**Exercise details**
Word for word, restate each entry that appears below.

Entries taken from a collection
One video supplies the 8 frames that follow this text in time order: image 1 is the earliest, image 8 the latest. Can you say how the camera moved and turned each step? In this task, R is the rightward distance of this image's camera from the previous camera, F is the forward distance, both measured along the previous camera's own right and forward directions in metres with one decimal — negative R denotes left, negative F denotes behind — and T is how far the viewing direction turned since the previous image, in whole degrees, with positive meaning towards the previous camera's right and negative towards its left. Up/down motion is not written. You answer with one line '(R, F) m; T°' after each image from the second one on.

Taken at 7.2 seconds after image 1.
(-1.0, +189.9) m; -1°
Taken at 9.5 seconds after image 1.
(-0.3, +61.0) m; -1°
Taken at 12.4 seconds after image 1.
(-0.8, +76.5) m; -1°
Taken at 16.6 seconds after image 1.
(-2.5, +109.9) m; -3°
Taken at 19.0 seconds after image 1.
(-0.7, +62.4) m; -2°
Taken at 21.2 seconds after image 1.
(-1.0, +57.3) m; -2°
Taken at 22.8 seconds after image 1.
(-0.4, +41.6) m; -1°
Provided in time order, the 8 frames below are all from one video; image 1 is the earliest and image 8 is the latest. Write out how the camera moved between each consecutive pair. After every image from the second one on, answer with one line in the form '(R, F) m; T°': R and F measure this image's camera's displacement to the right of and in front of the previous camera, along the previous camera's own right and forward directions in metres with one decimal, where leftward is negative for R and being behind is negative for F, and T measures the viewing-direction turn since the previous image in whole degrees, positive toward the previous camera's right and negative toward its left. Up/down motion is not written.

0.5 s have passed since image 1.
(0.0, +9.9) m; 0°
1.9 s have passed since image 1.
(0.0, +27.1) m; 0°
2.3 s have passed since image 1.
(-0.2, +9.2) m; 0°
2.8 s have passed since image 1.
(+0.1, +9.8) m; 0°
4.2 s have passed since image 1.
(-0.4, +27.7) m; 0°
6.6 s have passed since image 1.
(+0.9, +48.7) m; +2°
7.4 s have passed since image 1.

**Exercise output**
One video supplies the 8 frames that follow this text in time order: image 1 is the earliest, image 8 the latest. Can you say how the camera moved and turned each step? In this task, R is the rightward distance of this image's camera from the previous camera, F is the forward distance, both measured along the previous camera's own right and forward directions in metres with one decimal — negative R denotes left, negative F denotes behind — and T is how far the viewing direction turned since the previous image, in whole degrees, with positive meaning towards the previous camera's right and negative towards its left. Up/down motion is not written. You answer with one line '(R, F) m; T°' after each image from the second one on.

Taken at 7.2 seconds after image 1.
(-1.0, +189.9) m; -1°
Taken at 9.5 seconds after image 1.
(-0.3, +61.0) m; -1°
Taken at 12.4 seconds after image 1.
(-0.8, +76.5) m; -1°
Taken at 16.6 seconds after image 1.
(-2.5, +109.9) m; -3°
Taken at 19.0 seconds after image 1.
(-0.7, +62.4) m; -2°
Taken at 21.2 seconds after image 1.
(-1.0, +57.3) m; -2°
Taken at 22.8 seconds after image 1.
(-0.4, +41.6) m; -1°
Provided in time order, the 8 frames below are all from one video; image 1 is the earliest and image 8 is the latest. Write out how the camera moved between each consecutive pair. After every image from the second one on, answer with one line in the form '(R, F) m; T°': R and F measure this image's camera's displacement to the right of and in front of the previous camera, along the previous camera's own right and forward directions in metres with one decimal, where leftward is negative for R and being behind is negative for F, and T measures the viewing-direction turn since the previous image in whole degrees, positive toward the previous camera's right and negative toward its left. Up/down motion is not written.

0.5 s have passed since image 1.
(0.0, +9.9) m; 0°
1.9 s have passed since image 1.
(0.0, +27.1) m; 0°
2.3 s have passed since image 1.
(-0.2, +9.2) m; 0°
2.8 s have passed since image 1.
(+0.1, +9.8) m; 0°
4.2 s have passed since image 1.
(-0.4, +27.7) m; 0°
6.6 s have passed since image 1.
(+0.9, +48.7) m; +2°
7.4 s have passed since image 1.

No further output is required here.